Ricchissimo di tecnicismi, il ricorso contiene però alcune critiche alle considerazioni negative del Gip sulla personalità di Schettino. Per un giudizio occorre “che la personalità dell’imputato sia oggetto di specifico scrutinio in tutti i suoi aspetti, scrutinio da tradurre in una altrettanta specifica motivazione” guardando alle condotte del capitano non soltanto nel contesto del dramma della Concordia. Va tenuto conto che si parla di una persona “della specchiata carriera professionale” iniziata dall’attività di mozzo. Schettino si è fatto apprezzare, è stato scelto. Alla guida di quella nave c’è stato messo. Ha percorso l’intera scala gerarchica della marina mercantile sino a vedersi attribuito – da anni – il comando di importanti navi: fra le altre la Costa Europa, la Costa Serena. La Costa Atlantica e da ultimo della Costa Concordia, di una delle maggiori compagnie di navigazione turistica del mondo. E questi sono dati di fatto. Secondo la difesa è un elemento certo pure la volontà di Schettino di salvare vite e l’aver “prontamente condotto una manovra difficile” che ha portato la Concordia ad incagliarsi vicino all’Isola del Giglio “con intuibile facilitazione dei soccorsi”.
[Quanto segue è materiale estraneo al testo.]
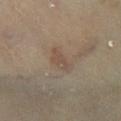Recorded during total-body skin imaging; not selected for excision or biopsy.
This is a cross-polarized tile.
The patient is a female aged 58–62.
The total-body-photography lesion software estimated a lesion color around L≈43 a*≈12 b*≈23 in CIELAB, roughly 5 lightness units darker than nearby skin, and a lesion-to-skin contrast of about 4.5 (normalized; higher = more distinct). And it measured an automated nevus-likeness rating near 5 out of 100.
On the right lower leg.
A lesion tile, about 15 mm wide, cut from a 3D total-body photograph.
Longest diameter approximately 3.5 mm.

Comportamento, questo, definito “positivo” e “da prendere in considerazione”. Certo, ammette il suo legale, la situazione eccezionale ha portato, “per chi si trovava a viverla e, soprattutto per l’indagato, intuibili problematiche di stress anche psicologico destinate ad incidere sui suoi concreti comportamenti”. Ed “eccezionalità dell’evento significa anche, nel bene o nel male, eccezionalità dei comportamenti” per tutti. Schettino compreso. Ma nonostante lo stress c’è un punto fermo per la difesa: Schettino continua a negare di aver “volontariamente abbandonato la nave” e ribadisce di “essere stato sbalzato fuori bordo”. Che poi sia finito proprio su una scialuppa, è un altro discorso e nel ricorso non se ne parla. Intanto, ci sono sviluppi sul fronte degli accertamenti tecnici. Il 3 febbraio è stato fissato l’incidente probatorio sulla scatola nera della Concordia, atto unico e irripetibile al quale, come da prassi, prenderanno parte anche gli avvocati della difesa.